§ **Instructions to follow**
Leave the images aside and copy out the whole listing, exact to the word.

§ **Data to use**
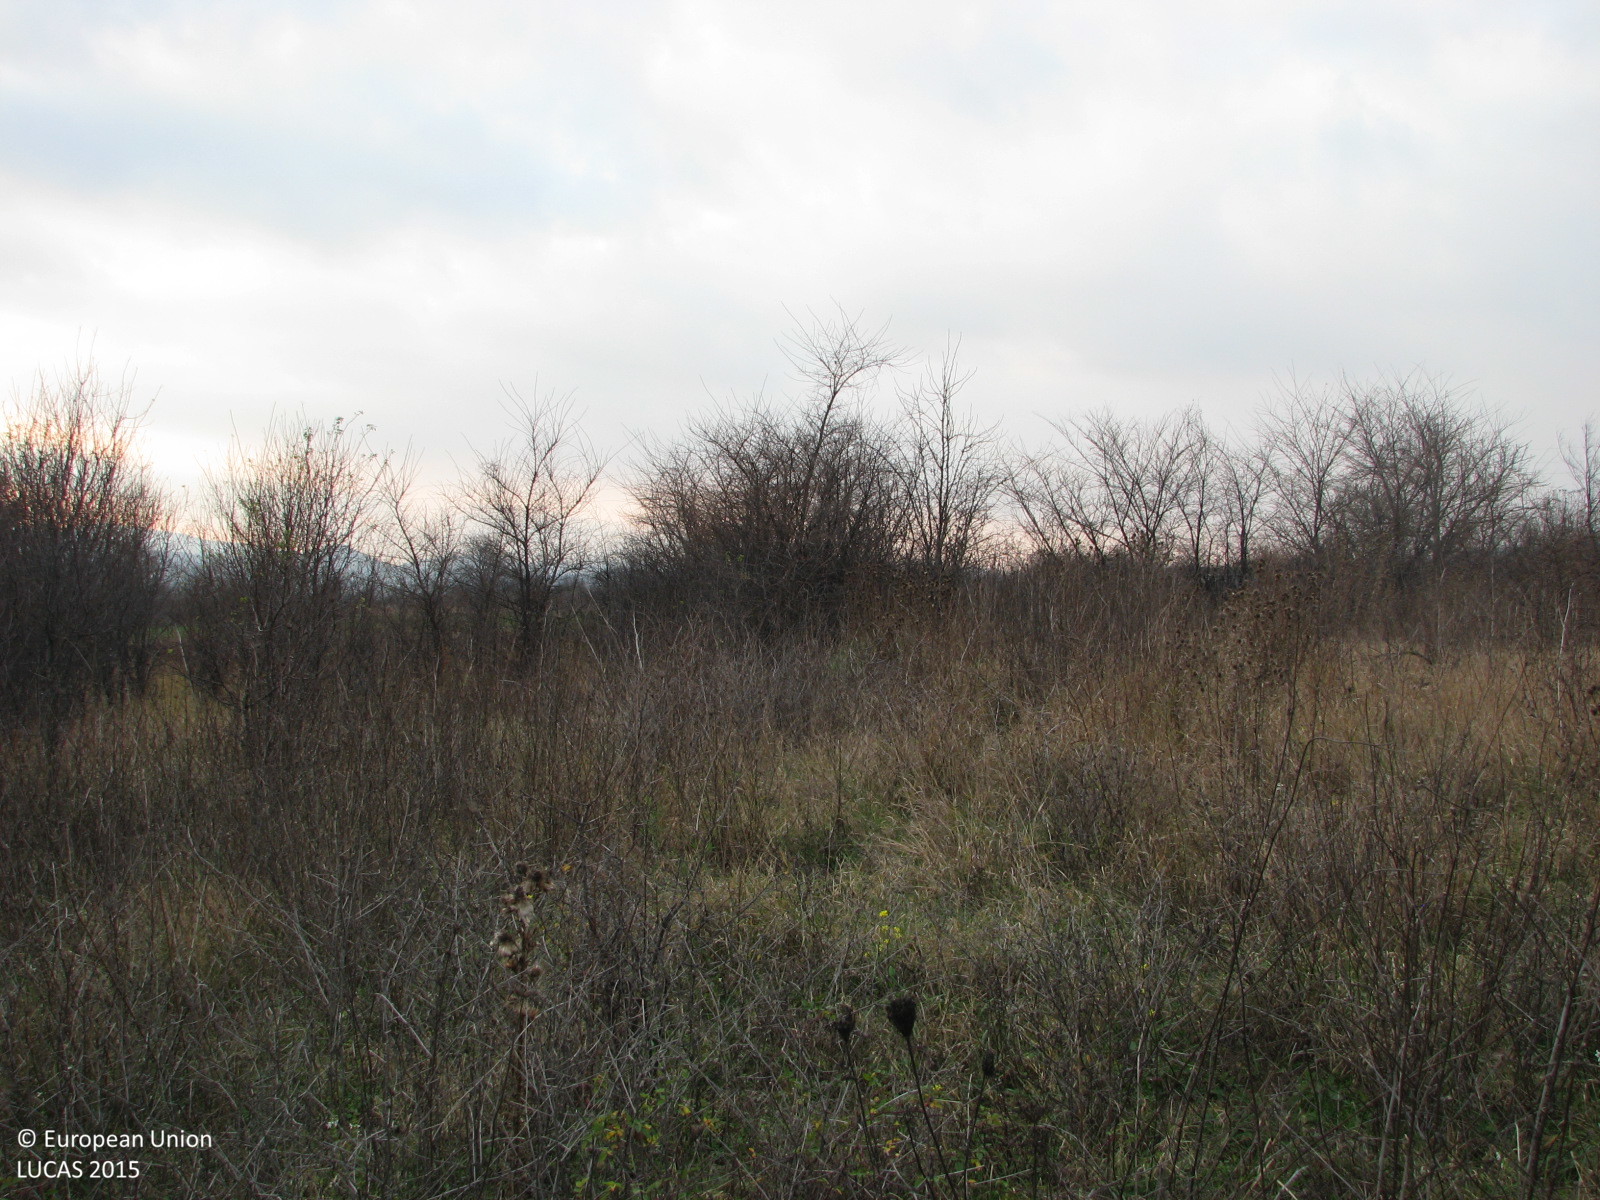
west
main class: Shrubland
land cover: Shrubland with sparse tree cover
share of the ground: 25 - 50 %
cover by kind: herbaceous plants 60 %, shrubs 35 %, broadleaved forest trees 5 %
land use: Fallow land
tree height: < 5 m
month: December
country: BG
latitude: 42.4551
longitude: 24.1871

§ **Answer to this exercise**
west
main class: Shrubland
land cover: Shrubland with sparse tree cover
share of the ground: 25 - 50 %
cover by kind: herbaceous plants 60 %, shrubs 35 %, broadleaved forest trees 5 %
land use: Fallow land
tree height: < 5 m
month: December
country: BG
latitude: 42.4551
longitude: 24.1871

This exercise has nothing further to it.